Credit Suisse Group AG says it has paid $210 million to date to billionaire Bidzina Ivanishvili in a long-running legal saga, Bloomberg reports.
The bank has paid the sum “over time for the proceedings across all the plaintiff’s accounts,” a spokesperson for the Swiss lender said by email. The statement didn’t reveal a figure for the ongoing trial in Singapore, or give a time frame for when the money was paid out in a case of fraud that was only detected in 2015.
“The statement is the most detailed admission yet of how much the legal wrangling is costing Credit Suisse globally and emerged amid closing arguments at a two-day hearing in Singapore, which will mark the end of a trial that began in September.
Georgian tycoon Bidzina Ivanishvili sued the bank’s trust unit for $800 million in damages and lost income he said he would have made over the years if his money had been safely invested.

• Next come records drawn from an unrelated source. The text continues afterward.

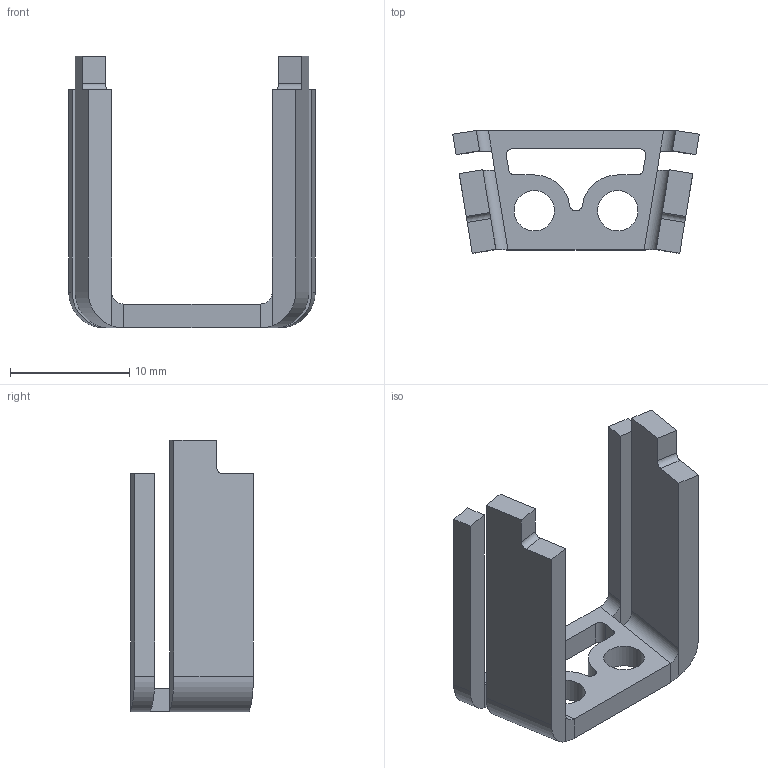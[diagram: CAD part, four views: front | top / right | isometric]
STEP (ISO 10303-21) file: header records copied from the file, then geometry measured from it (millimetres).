
FILE_DESCRIPTION(/* description */ ('DHAS-ME_b-Mounting kit'),/* implementation_level */ '2;1');
FILE_NAME(/* name */ '4464306 DHAS-ME-H9-60---(befestigung).stp',/* time_stamp */ '2025-08-07T17:57:23+02:00',/* author */ ('roone'),/* organization */ ('FESTO'),/* preprocessor_version */ 'ST-DEVELOPER v20',/* originating_system */ 'Autodesk Inventor 2025',/* authorisation */ '');
FILE_SCHEMA (('AUTOMOTIVE_DESIGN { 1 0 10303 214 3 1 1 }'));
Length unit declared in the file: millimetre
Products named in the file (1): 4464306 DHAS-ME-H9-60---(befestigung)
Bounding box: 20.68 x 10.3 x 22.8 mm (x, y, z)
Volume: 886.1 mm3; surface area: 1424.9 mm2
Topology: 1 solids, 1 shells, 62 faces, 160 edges, 100 vertices
Faces by surface type: plane 42, cylinder 20
Full cylindrical faces by diameter (mm): 3.4 x2
Entity records: 1927 total; most frequent: DIRECTION 334, CARTESIAN_POINT 323, ORIENTED_EDGE 320, EDGE_CURVE 160, LINE 112, VECTOR 112, AXIS2_PLACEMENT_3D 111, VERTEX_POINT 100

Patrice Lescaudron was convicted in 2018 for fraud over a scheme he ran to take money from Ivanishvili’s accounts to cover growing losses among other clients’ portfolios.

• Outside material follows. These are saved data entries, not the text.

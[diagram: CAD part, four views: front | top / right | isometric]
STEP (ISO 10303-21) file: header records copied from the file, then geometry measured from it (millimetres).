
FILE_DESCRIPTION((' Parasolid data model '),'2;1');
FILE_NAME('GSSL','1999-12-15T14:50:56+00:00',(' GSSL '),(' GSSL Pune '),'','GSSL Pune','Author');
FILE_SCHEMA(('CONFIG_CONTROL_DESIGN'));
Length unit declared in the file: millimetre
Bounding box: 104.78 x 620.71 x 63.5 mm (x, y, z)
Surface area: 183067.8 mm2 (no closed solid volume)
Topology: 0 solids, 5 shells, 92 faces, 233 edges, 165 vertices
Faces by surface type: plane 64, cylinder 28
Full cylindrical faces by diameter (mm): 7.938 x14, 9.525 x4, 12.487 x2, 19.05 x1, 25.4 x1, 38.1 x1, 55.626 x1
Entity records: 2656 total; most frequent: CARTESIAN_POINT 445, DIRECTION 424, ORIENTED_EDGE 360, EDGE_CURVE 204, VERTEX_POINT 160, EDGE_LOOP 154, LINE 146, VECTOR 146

Credit Suisse Trust has consistently argued that its responsibility was limited to administration of the assets belonging to Bidzina Ivanishvili and that it was the tycoon, or his Georgian business adviser, who called the shots on investment decisions and should be liable for any losses. Lescaudron was a lone wolf who hid his crimes from colleagues, according to the bank,” reads the information.